Switch configuration:
interface FastEthernet1/0/1
switchport trunk encapsulation dot1q
switchport trunk native vlan 1
switchport mode trunk
end
Case 1: De interface waarin VLAN 1 is geconfigureerd is omhoog/omhoog
interface GigabitEthernet0/1.1
encapsulation dot1Q 1
end
interface GigabitEthernet0/1.10
encapsulation dot1Q 10
ip address 10.111.51.1 255.255.255.224
end
interface GigabitEthernet0/1.21
encapsulation dot1Q 21
ip address 10.111.48.1 255.255.255.128
end
Wanneer de switch het CDP-pakket naar de router stuurt, wordt er een niet-gelabeld pakket verzonden omdat inheemse VLAN’s voor deze communicatie worden gebruikt. Dus ontvangt de router het pakket op de interface waar VLAN 1 wordt geconfigureerd. De router controleert of het punt1q insluiting VLAN 1 heeft gevormd en de interface is omhoog/omhoog. Als deze controle succesvol is, stuurt de router het pakket door die interface.
Switch#show cdp neighbor
Capability Codes: R - Router, T - Trans Bridge, B - Source Route Bridge
S - Switch, H - Host, I - IGMP, r - Repeater, P - Phone,
D - Remote, C - CVTA, M - Two-port Mac Relay
Device ID Local Intrfce Holdtme Capability Platform Port ID
Router Fas 1/0/23 5 R S I 3845 Gig 0/1.1
Router#show cdp neighbor
Capability Codes: R - Router, T - Trans Bridge, B - Source Route Bridge
S - Switch, H - Host, I - IGMP, r - Repeater, P - Phone,
D - Remote, C - CVTA, M - Two-port Mac Relay
Device ID Local Intrfce Holdtme Capability Platform Port ID
Switch Gig 0/1.1 8 S I WS-C3750- Fas 1/0/23
Logt in de router
CDP-PA: version 2 packet sent out on GigabitEthernet0/1.1
CDP-PA: Packet received from Switch on interface GigabitEthernet0/1.1
Een ingang wordt NIET gevonden in de cache.
Logt op de Switch
CDP-AD: Aging entry for Router, on interface FastEthernet1/0/23
CDP-PA: Packet received from Router on interface FastEthernet1/0/23
Een ingang wordt NIET gevonden in de cache.
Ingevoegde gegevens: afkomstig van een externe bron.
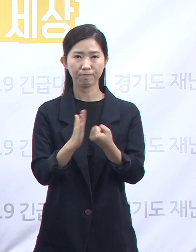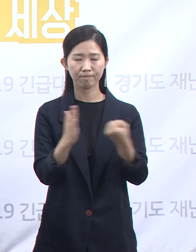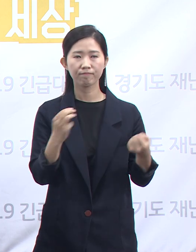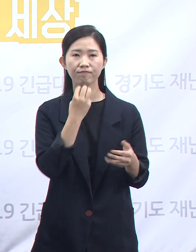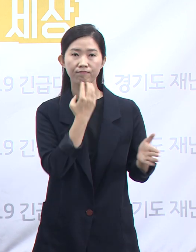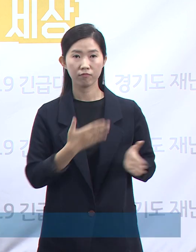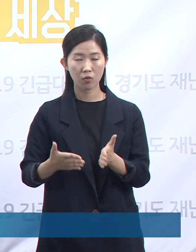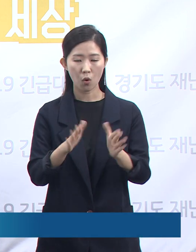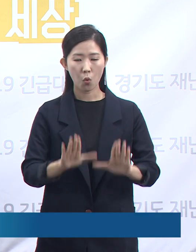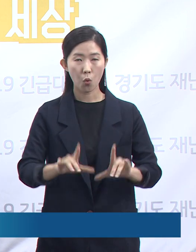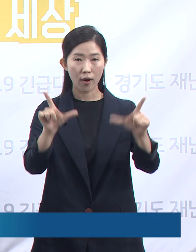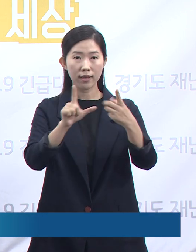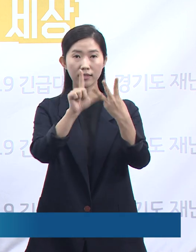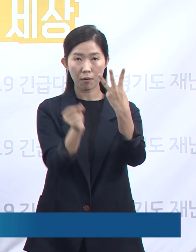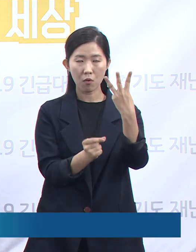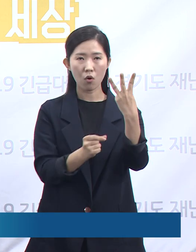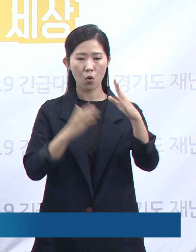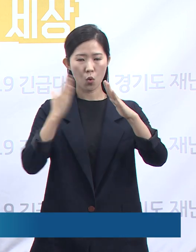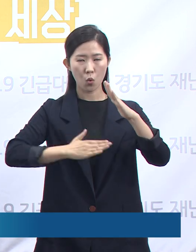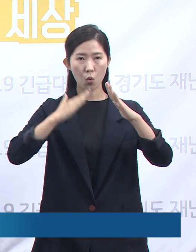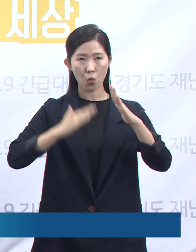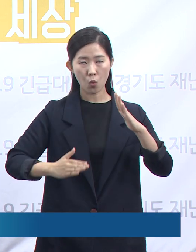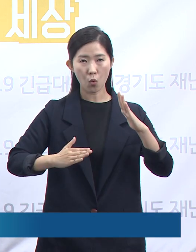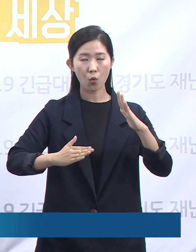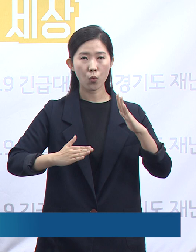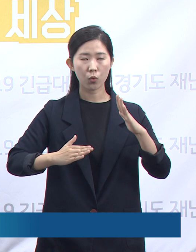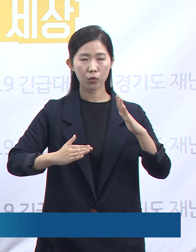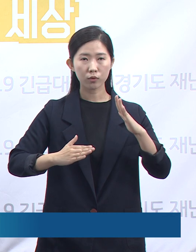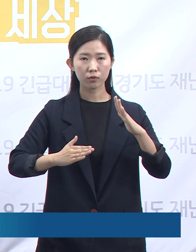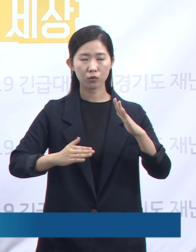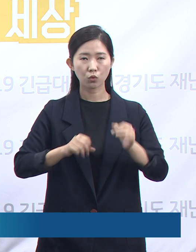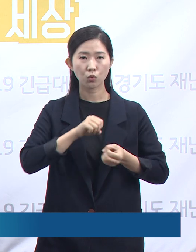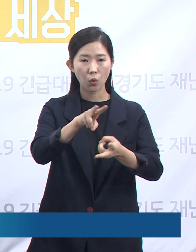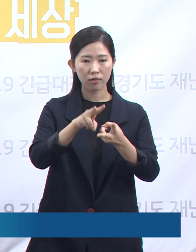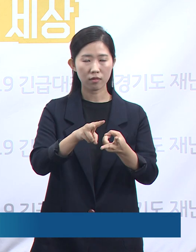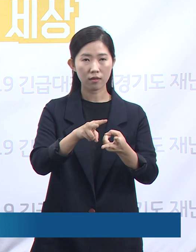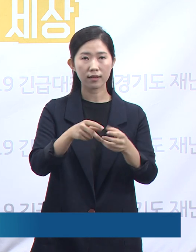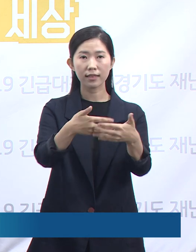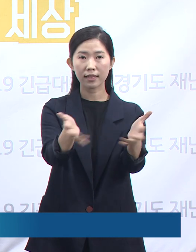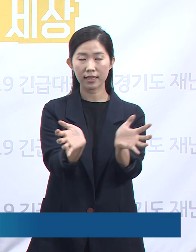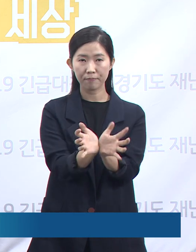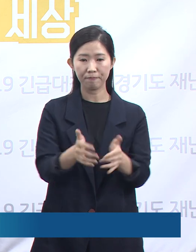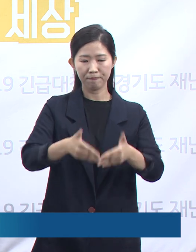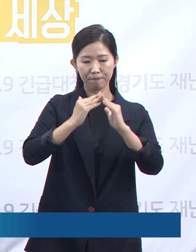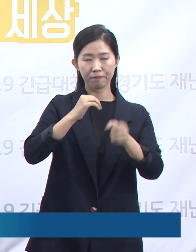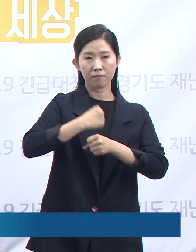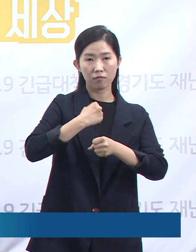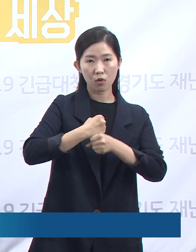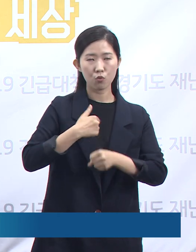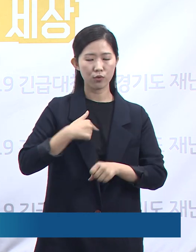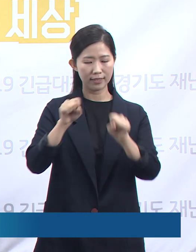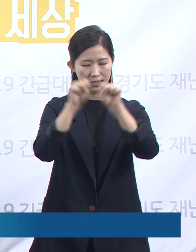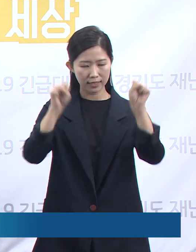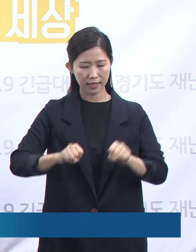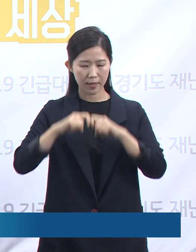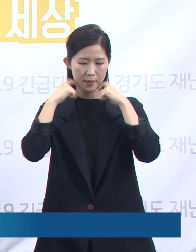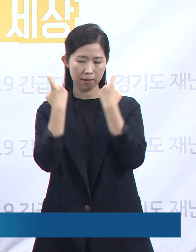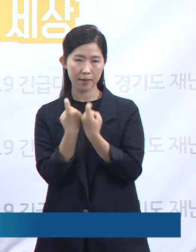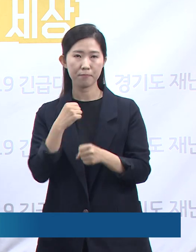올해 3월부터 공정조달TF를 신설하여 자체 조달시스템을 개발 운영하고자 합니다.

CDP-PA: version 2 packet sent out on FastEthernet1/0/23
Zaak 2: De interface op de router waar het VLAN is geconfigureerd is omhoog/omhoog en geen van de interfaces heeft een inatief VLAN dat is gespecificeerd
interface GigabitEthernet0/1.1
encapsulation dot1Q 1
end
interface GigabitEthernet0/1.10
encapsulation dot1Q 10 native
ip address 10.111.51.1 255.255.255.224
end
interface GigabitEthernet0/1.21
encapsulation dot1Q 21
ip address 10.111.48.1 255.255.255.128
end
Analyse
Wanneer de switch het CDP-pakket naar de router stuurt, wordt het niet-gelabelde pakket verzonden omdat VLAN voor communicatie gebruikt wordt. De router ontvangt het pakket over gi0/1.1 aangezien het VLAN 1 op zichzelf heeft ingesteld. De router controleert of het VLAN 1 gevormd heeft of een ander inheems VLAN gevormd. In het huidige geval, wordt de interface gi0/1.10 gevormd met het autochtone sleutelwoord. Dus stuurt de router het pakket door de gi0/1.10 subinterface.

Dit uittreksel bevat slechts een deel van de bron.